# Got router a week ago, these are my first impressions of it.



## NiteWalker (May 7, 2011)

Congrats, it's a great kit, just a bit expensive for me.
The plunge base is one of the best out there (same as the dewalt 6182) and dust collection works very well.

I hate spindle locks too. I'm not sure if you can with the 890, but I;d just get another wrench and use the two wrenches. I do it with all my routers.


----------



## rkober (Feb 15, 2012)

Thanks for the review. I got the same one (but with the vac handle) a few months ago to backup my older Bosch. There's some things I like better on my old Bosch but others that I really like on the new PC. I actually like the spindle lock. The collets release the bit much easier than my old router. The depth stop is so-so and I miss the fine adjustment. I love the loose motor design which also works great with a lift (which is the main reason I got the new router).

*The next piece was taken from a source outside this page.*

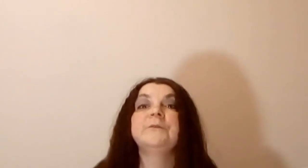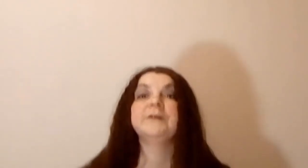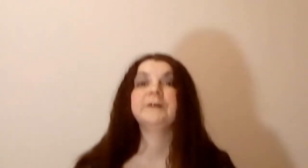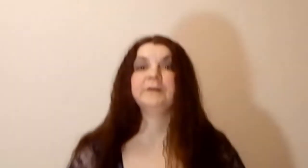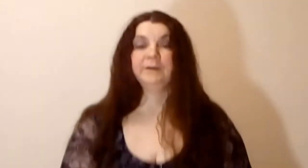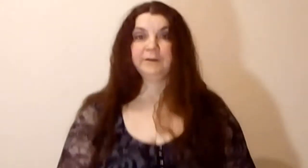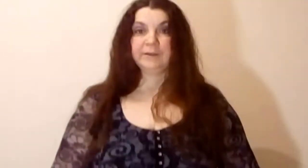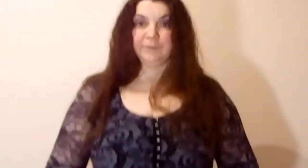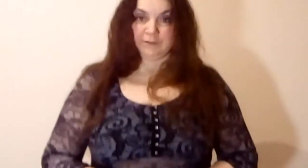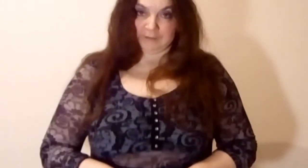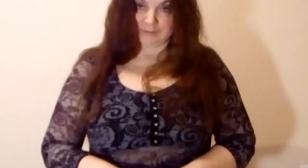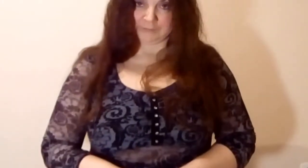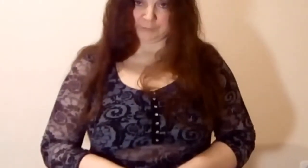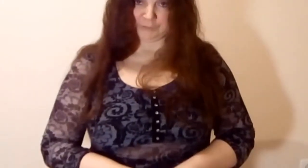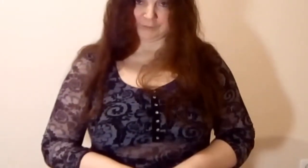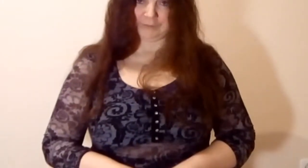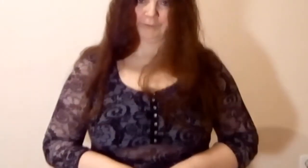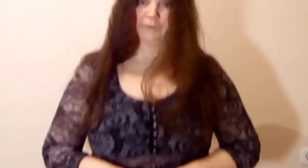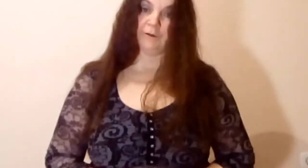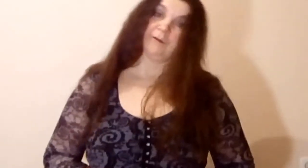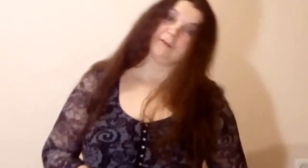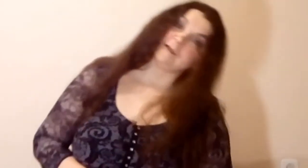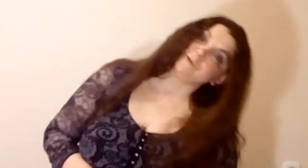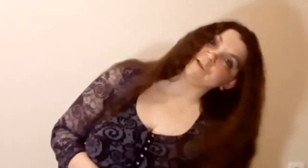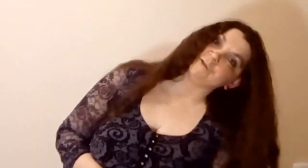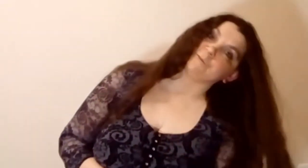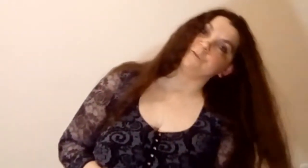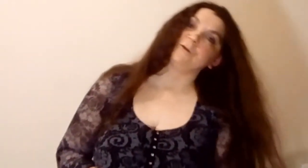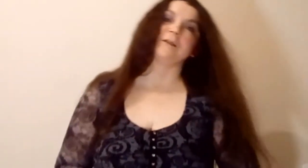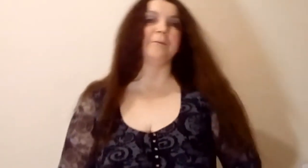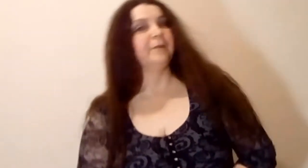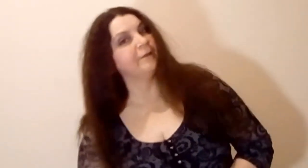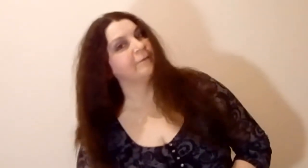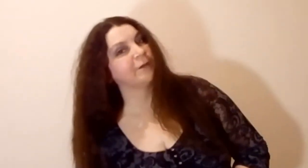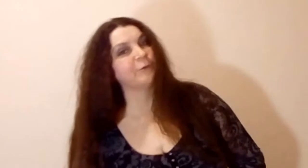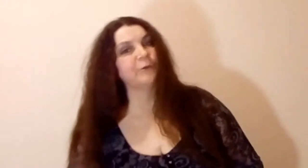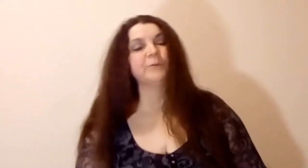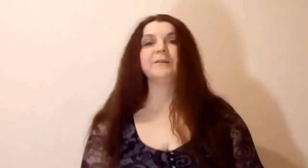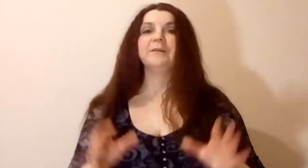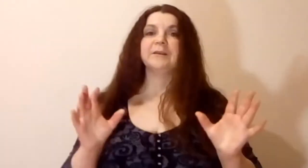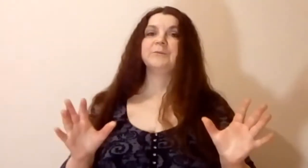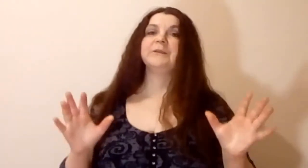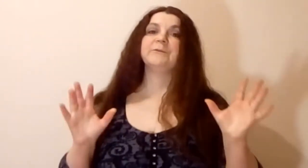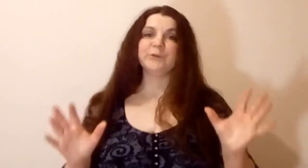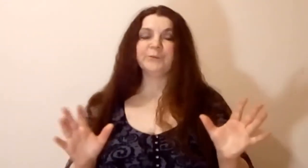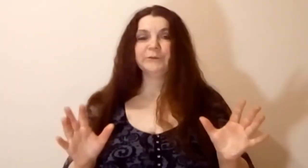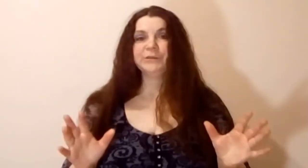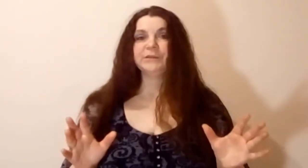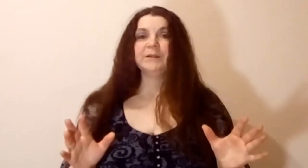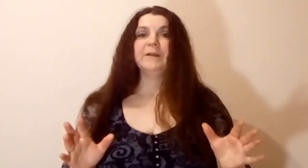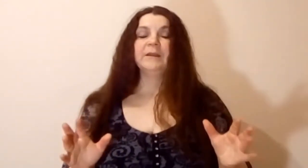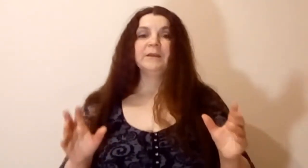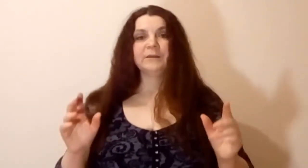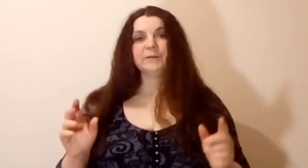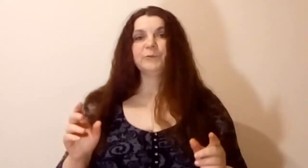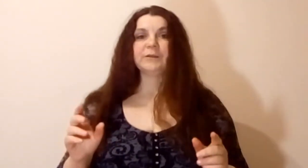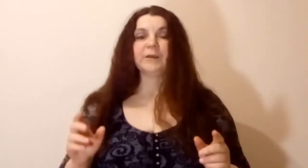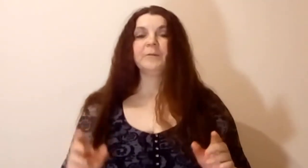вверх, или там, когда вы смотрите сверху, или там еще вбок какой-нибудь. Нет, мы ни в коем случае не смотрим

I hope it serves you well for many years.


----------



## surfin2 (Oct 24, 2009)

*I don't know If I like how the motor locks into the base*

They *brake very easy* so be very careful with how you use it…

Use it vary sparingly…

It's a very handy feature til it brakes…


----------



## RogerM (Oct 31, 2011)

I have a host of PC routers and love them all. Very functional and reliable with plenty of power.


----------



## ic3ss (Oct 19, 2010)

I bought the same kit from Amazon a year ago. I've been using it all year in the plunge base and in the fixed base in my table and it's a great tool in both uses. I love the power and the smoothe start. When I wrote my review of it I had to address some of the complaints that I've read around the web about it and I've come the conclusion that many, if not most, of them are related to how the tool is being used and not build quality. With a little common sense and realistic expectations, this router will perform very well for a very long time.


----------